The dense Friday afternoon traffic had thwarted Sara’s efforts to lose her tail, but she’d managed to gain some distance on the Suburban as she entered the Golden Gate Bridge. At the north end of the bridge, the road narrowed into the climb towards the Waldo Tunnel. Traffic always clogged up there, even when it was light. She hoped to use the congestion up ahead to make her escape. Sara figured that she could get through quicker than the cumbersome SUV. If she could do that, she knew they’d never catch her.

She gave the Roadrunner some gas as she spotted an opening. She pulled ahead and gained a few more yards. Then, something strange happened.

Sara was in the center lane. There was a white delivery van to her right. To the left, a luxury sedan, and behind that, a convertible. Sara had her eye on all three vehicles because she wanted to stay ahead of them. The more traffic she put in her rear view mirror, the more her pursuers would have to muddle through when the road narrowed on the incline.

Then, mysteriously, the cars around her all suddenly died. The van decelerated and came drifting towards her. The driver gave no warning. No turn signal, no lights, and no horn. The van simply began moving into her lane. Sara punched the accelerator and skipped into the next lane, ahead of the sedan. She glanced over her shoulder and saw the van careening across the lanes behind her, towards the inside barrier. It narrowly missed the sedan, but hit the convertible in the rear quarter. The convertible spun out and slammed into the inside barrier. The sedan rolled to a stop, parked at an odd angle across two lanes.

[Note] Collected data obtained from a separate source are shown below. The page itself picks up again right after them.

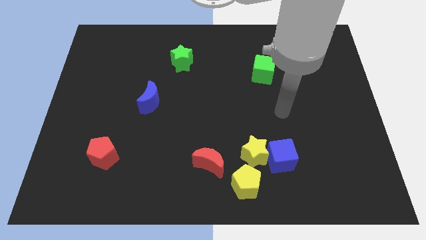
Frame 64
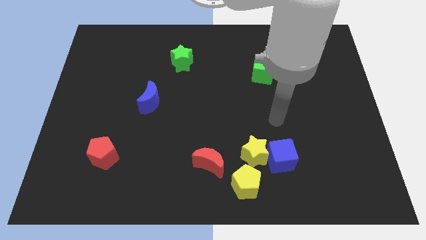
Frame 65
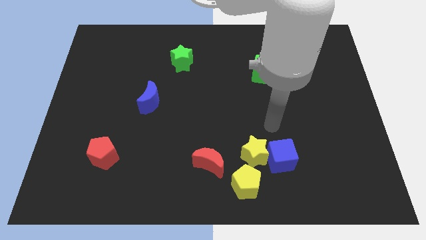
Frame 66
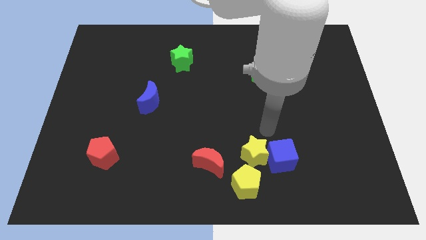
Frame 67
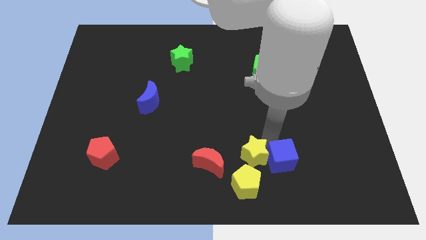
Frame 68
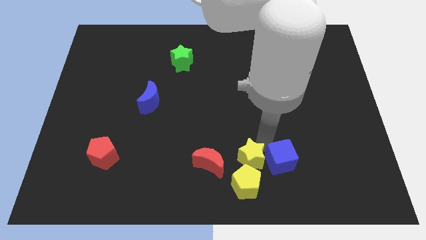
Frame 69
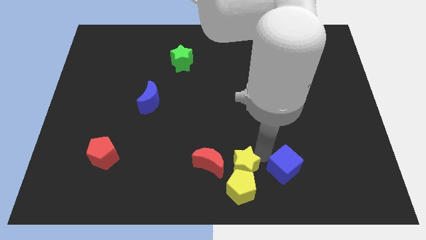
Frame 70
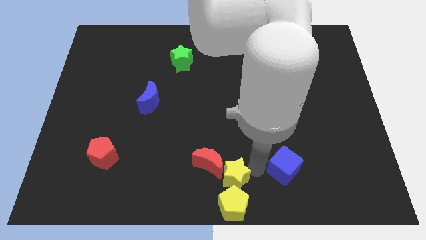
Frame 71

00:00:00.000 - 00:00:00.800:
separate the blue cube from the yellow star and yellow pentagon

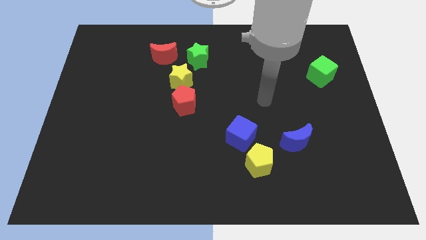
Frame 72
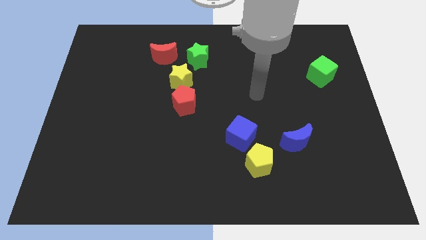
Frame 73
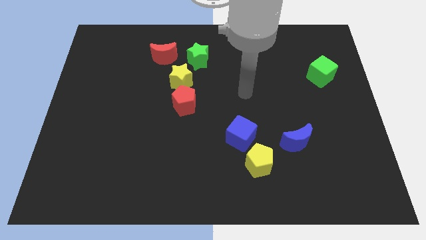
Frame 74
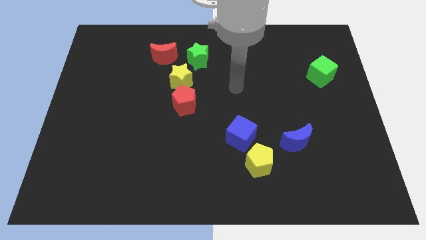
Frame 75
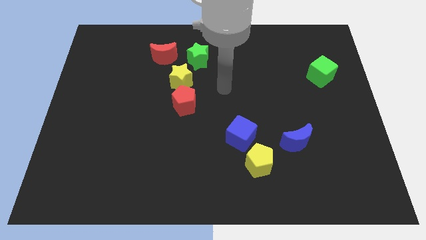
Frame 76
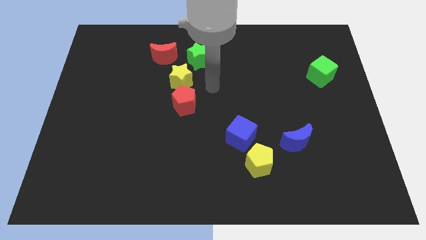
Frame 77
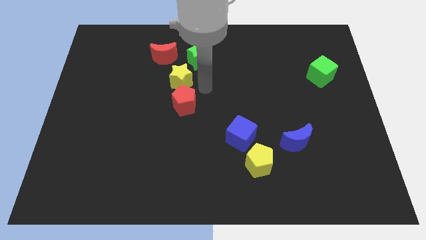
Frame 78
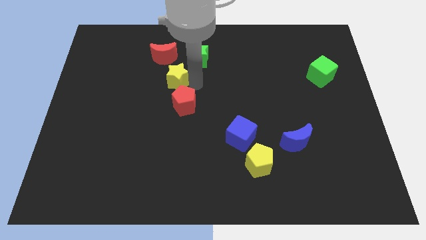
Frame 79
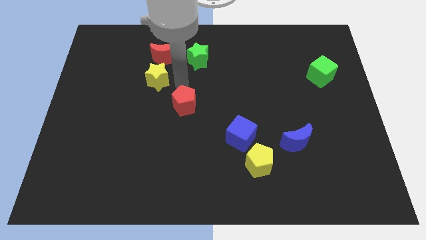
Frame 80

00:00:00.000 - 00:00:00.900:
pull the red pentagon apart from the yellow star

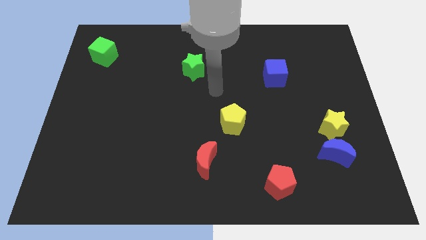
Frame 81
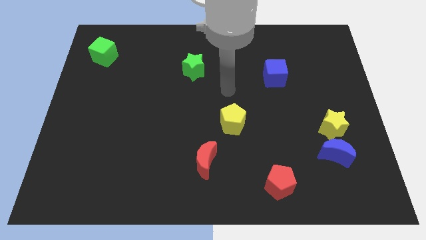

All along the north end of the Golden Gate, cars began piling up. Sara swerved to miss another car that was rolling to a stop ahead of her, and then had to cut through two more as they wobbled back and forth across the lanes.

She flew through them and sped off the bridge, flying up the hill towards the tunnel. As she headed up the slope, she glanced back at the eerie scene and saw the Suburban sitting at a dead stop near the south end of the bridge. A hundred stalled cars and several accidents lay between them. Sara frowned at the strangeness of it all. She had no rational explanation for what had happened. But she was smart enough to take advantage. She hit the gas and disappeared into the tunnel.

 

*

 

A sense of dread overcame Sara as she parked in front of her house. The paint on the garage was faded and peeling from neglect, and the lawn was brown and dead. Scott would never have allowed that to happen.

The living room curtains were gone. An old blanket hung over the window. One of the window screens was torn and hanging from the frame. Sara had the eerie sensation that she’d parked at the wrong house. She even glanced up at the address just to make sure.

Sara went inside. She called Scott’s name and got no response. The smell instantly overwhelmed her, and she almost retched. It was revolting, like a trip to the city dump on a windy day. She winced. As her eyes adjusted to the dark interior, things only got worse.

Old, stained bed sheets and blankets had replaced all of the curtains in the house. The leather sofa in the living room was gone, in its place a disheveled orange pullout that the Salvation Army would have rejected. The flat-screen TV was gone as well. The living room walls were plastered with newspaper clippings of Fortress and his band, and Nazi propaganda. Sara staggered forward, unable to believe what she was seeing. She had the urge to start pulling everything down, but she didn’t even know where to start.

She wandered through the house in a daze. Her home -her quaint Marin county cottage- looked like the lair of a serial killer. It was impossible to wrap her head around what she was seeing. How could someone have done this to her home? She’d just been there a few hours ago. No one could have totally emptied her house and destroyed it in that amount of time. It didn’t seem possible.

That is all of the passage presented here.